At the sound of her voice his eyes unclosed, and he whispered faintly:

“Lawrence, Milly. Lawrence is dead under that tree.”

Then, for one brief instant, Mildred fancied herself dying, but the sight of Lilian, who had just come in, brought back her benumbed faculties, and going up to her, she said:

“Did you hear, Lily? Lawrence is dead,—drowned. Let us go to him together. He is mine, now, as much as yours.”

“Oh, I carn’t, I carn’t!” sobbed Lilian, cowering back into a corner. “I’m afraid of dead folks!
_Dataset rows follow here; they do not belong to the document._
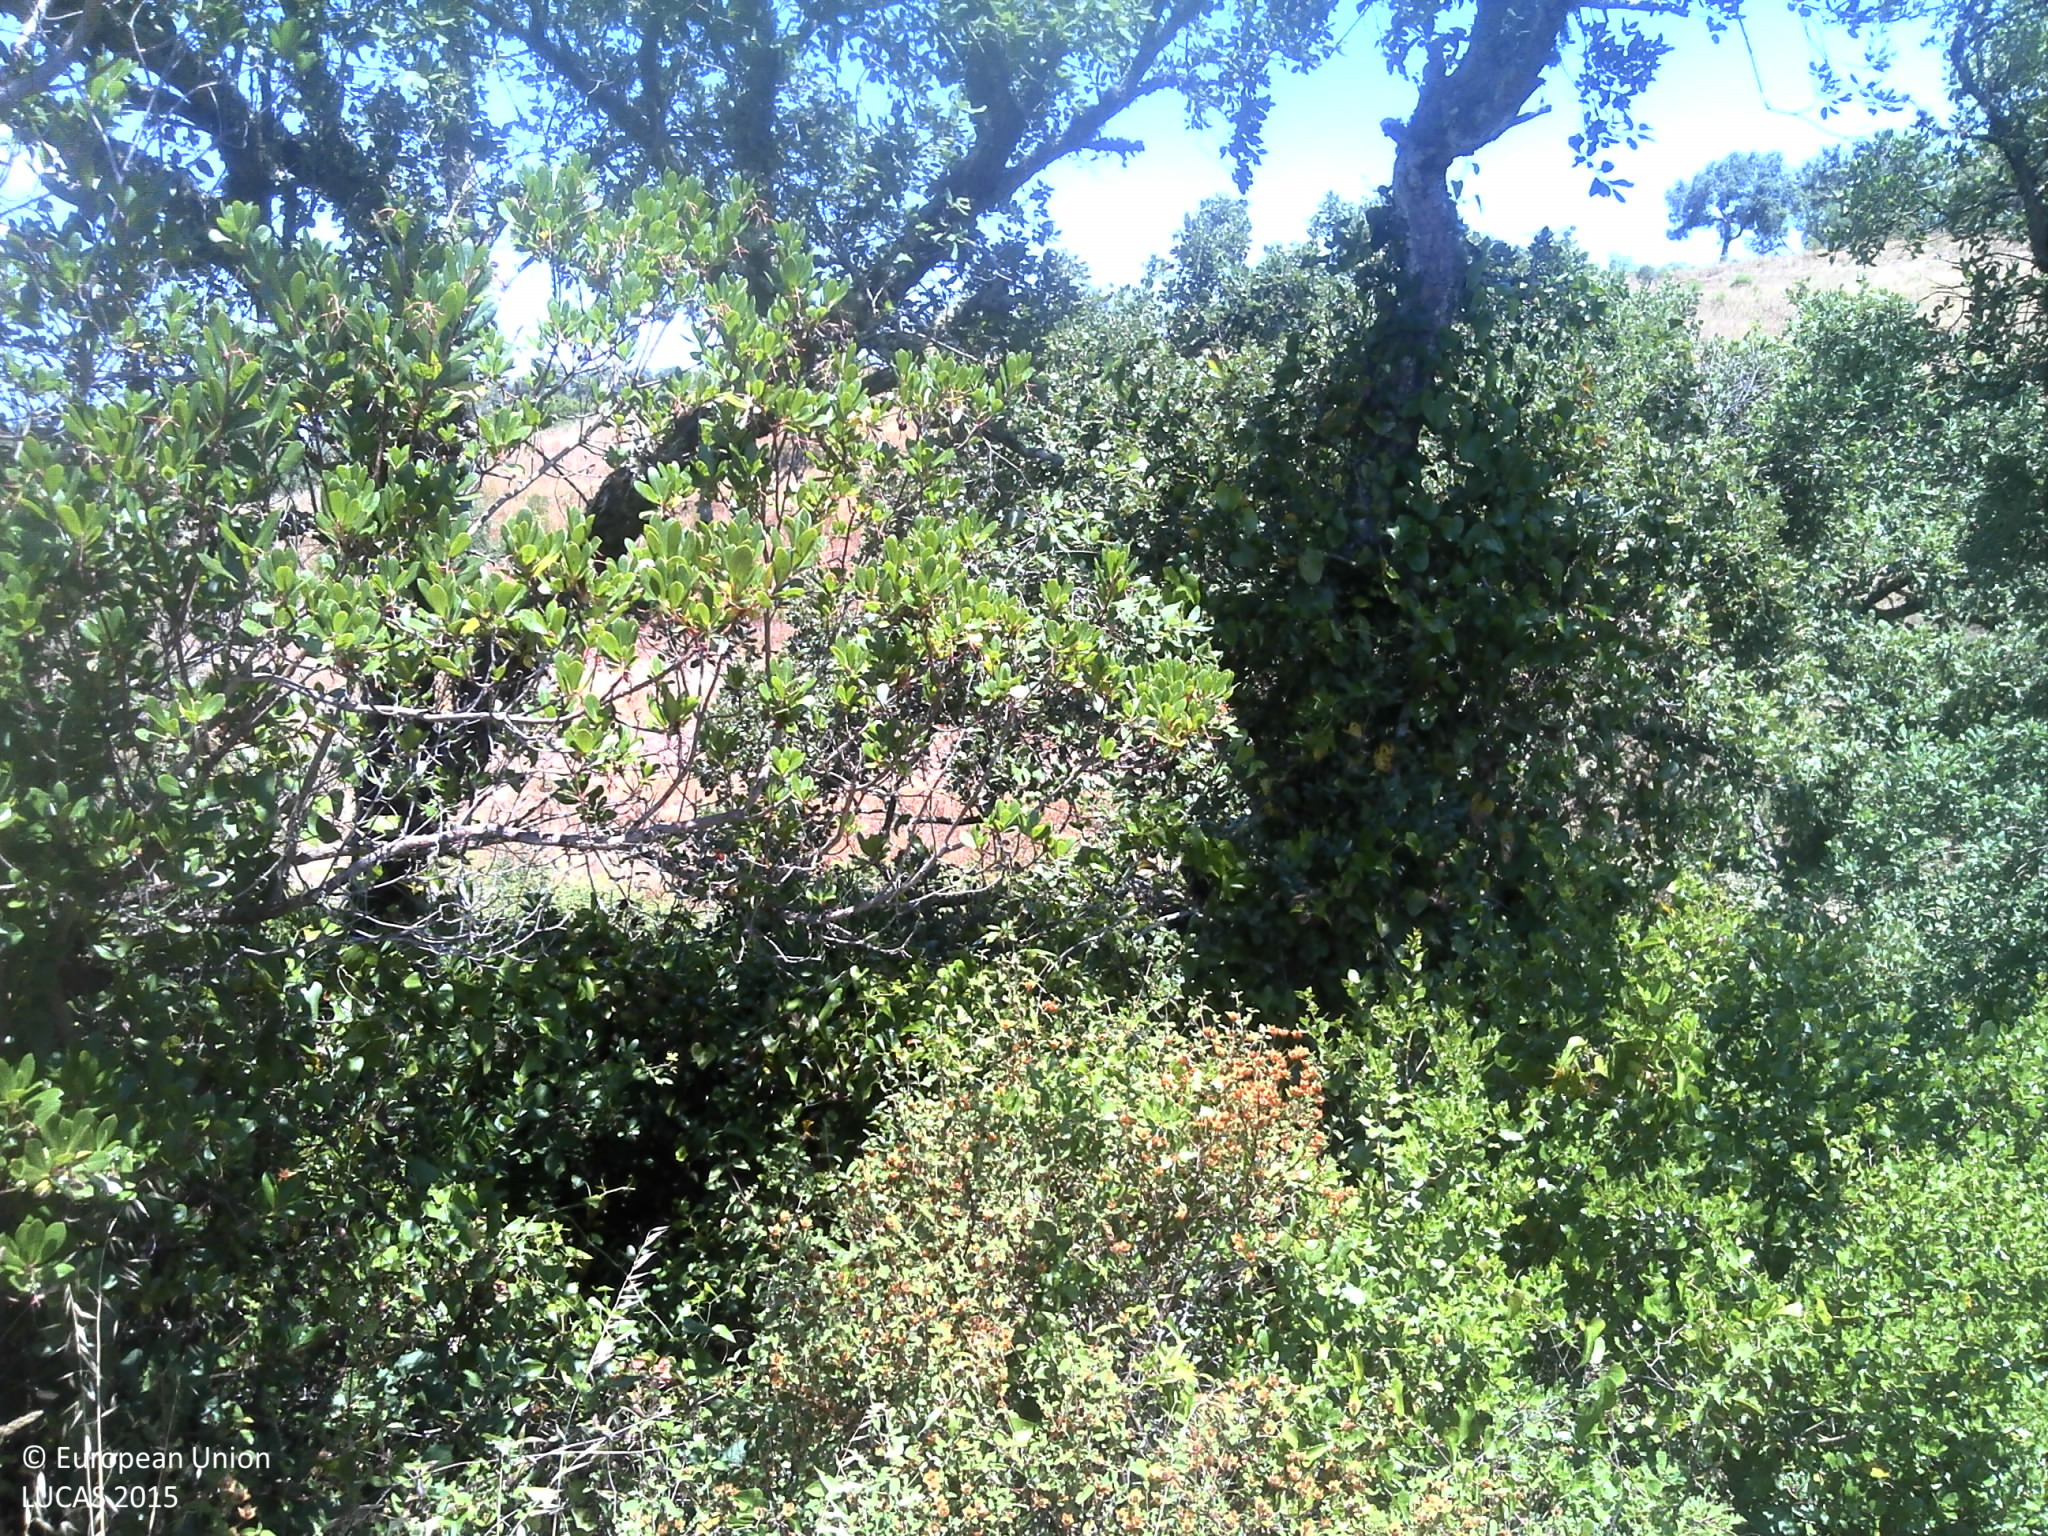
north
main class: Woodland
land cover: Broadleaved woodland
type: broadleaved evergreen forest
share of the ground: 25 - 50 %
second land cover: Shrubland without tree cover
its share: 25 - 50 %
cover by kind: broadleaved forest trees 30 %, herbaceous plants 30 %, shrubs 20 %, unconsolidated bare surface 20 %
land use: Forestry
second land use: Agriculture (excluding fallow land and kitchen gardens)
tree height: > 5 m
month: June
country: PT
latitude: 37.9599
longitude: -8.5619
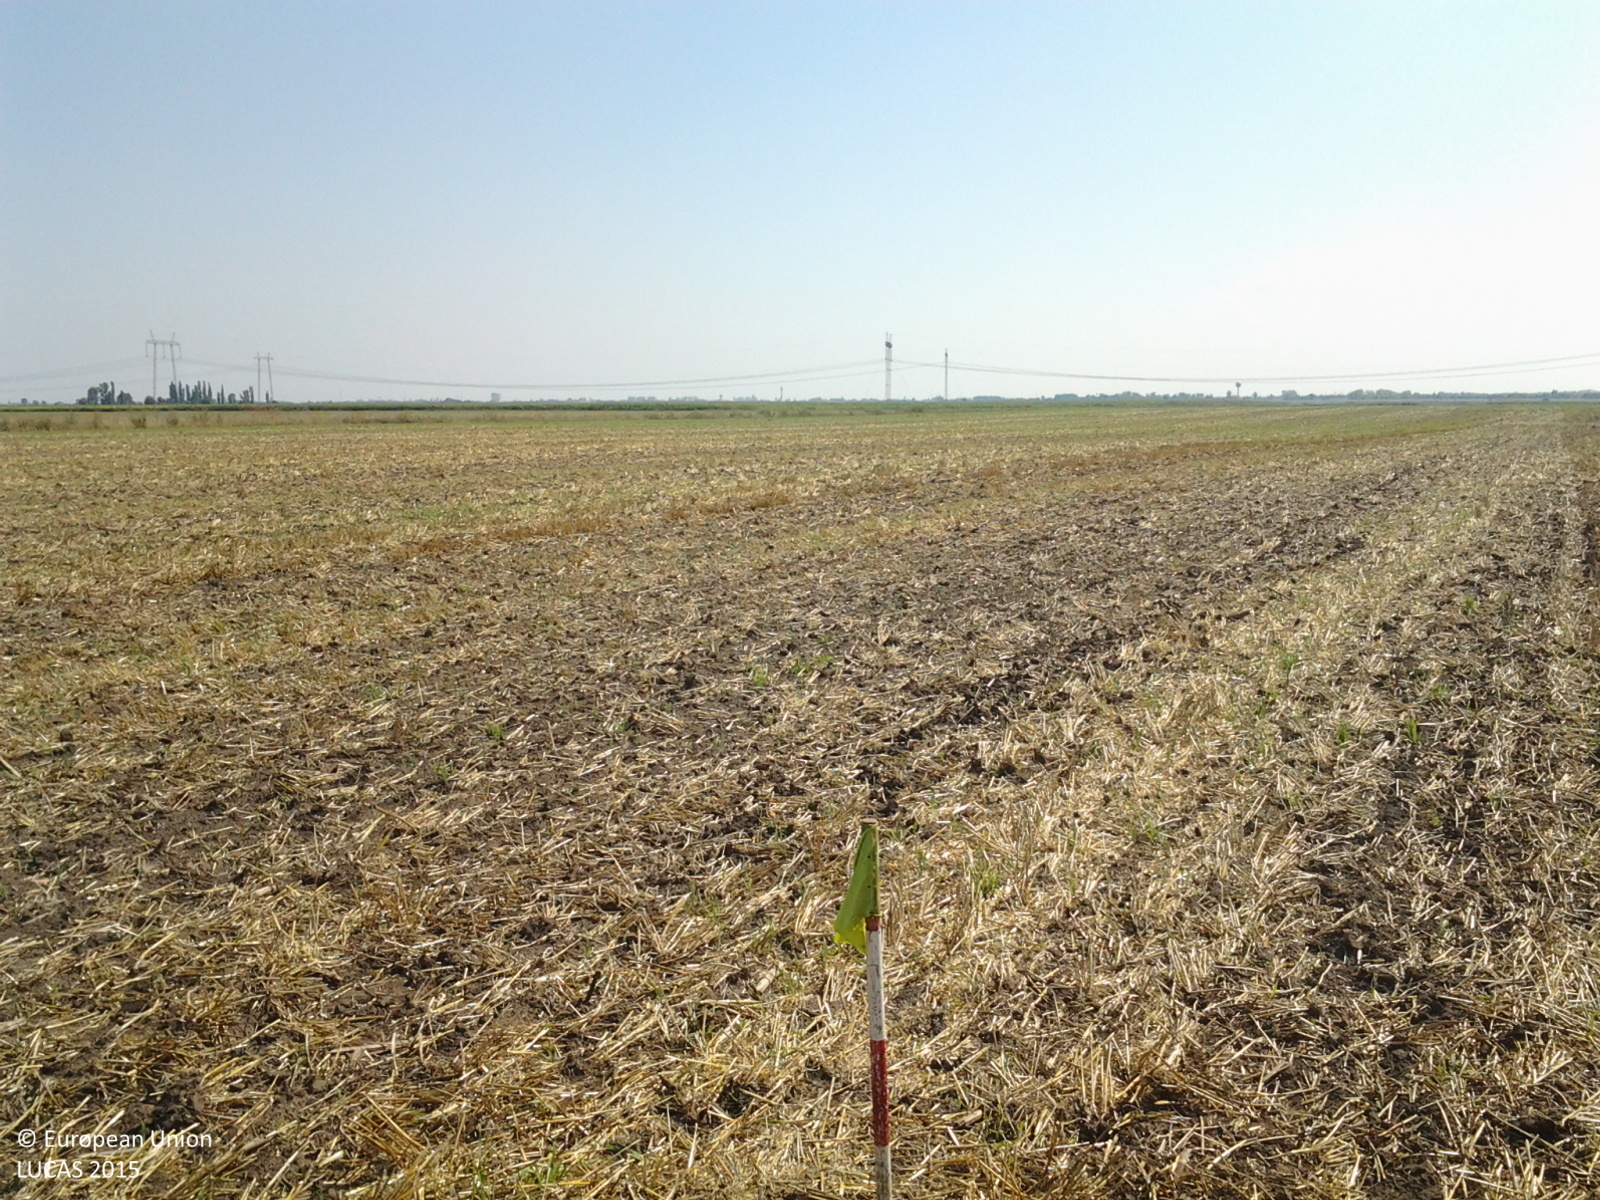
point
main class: Cropland
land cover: Barley
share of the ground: 10 - 25 %
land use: Agriculture (excluding fallow land and kitchen gardens)
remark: Harvested field
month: August
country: HU
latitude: 47.2434
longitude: 19.7860

I’d rather stay here.”

“Fool! dough-head!” thundered the Judge, who thoroughly disliked her, and was now out of all kind of patience. “Go to the house, then, and see that his chamber is ready for the body,” and without waiting to see if his orders were obeyed, he hastened after Mildred, who was flying over the distant fields as if she sported a pair of unseen wings.

She saw the stains from Oliver’s wounded feet, and knowing that she was right she ran on, and on until she reached the spot, whither other aid had preceded her, else Lawrence Thornton had surely floated down the deep, dark river of death.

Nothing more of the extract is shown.